Restate every entry verbatim; drop the pictures.

____

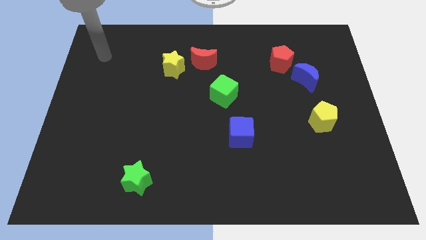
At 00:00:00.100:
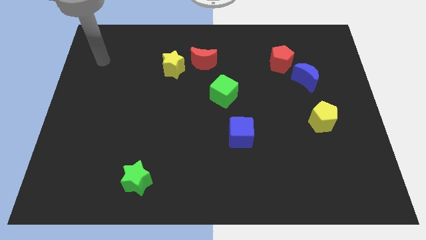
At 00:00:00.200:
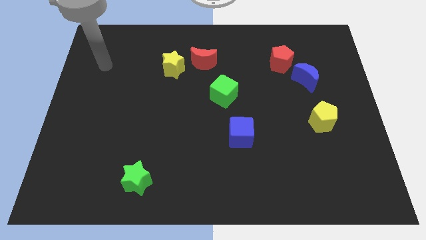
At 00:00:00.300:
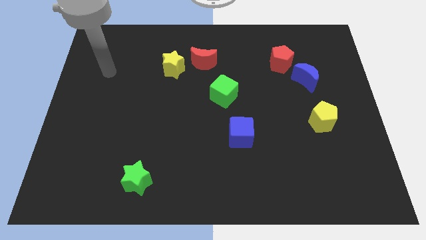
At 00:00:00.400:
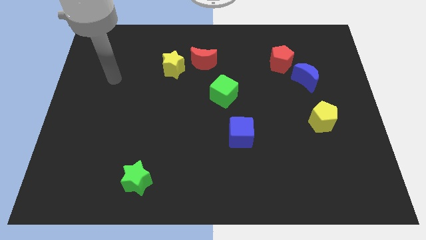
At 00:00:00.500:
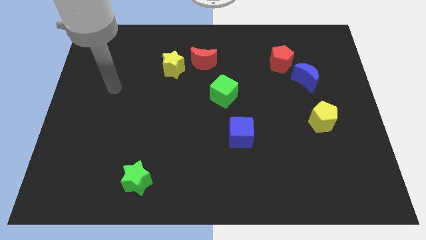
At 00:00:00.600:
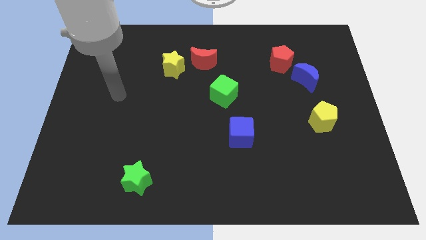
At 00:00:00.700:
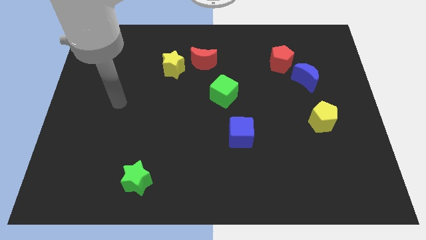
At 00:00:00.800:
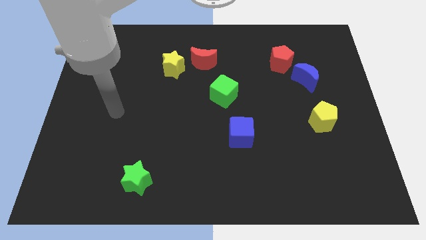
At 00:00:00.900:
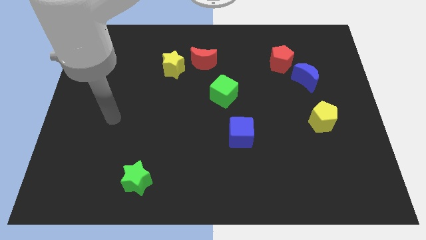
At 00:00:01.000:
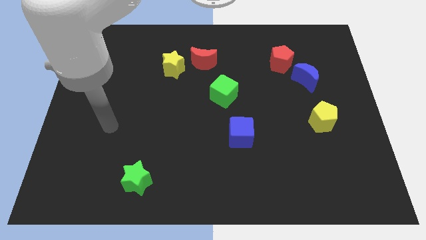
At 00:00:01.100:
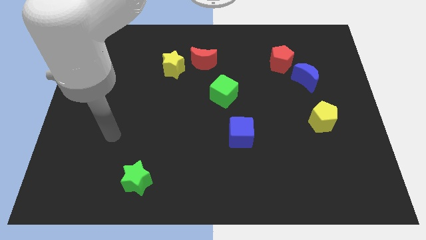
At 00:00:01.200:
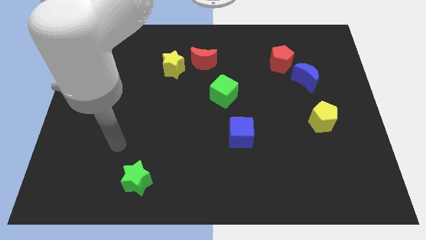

____

Task answer -
At 00:00:00.100:
At 00:00:00.200:
At 00:00:00.300:
At 00:00:00.400:
At 00:00:00.500:
At 00:00:00.600:
At 00:00:00.700:
At 00:00:00.800:
At 00:00:00.900:
At 00:00:01.000:
At 00:00:01.100:
At 00:00:01.200:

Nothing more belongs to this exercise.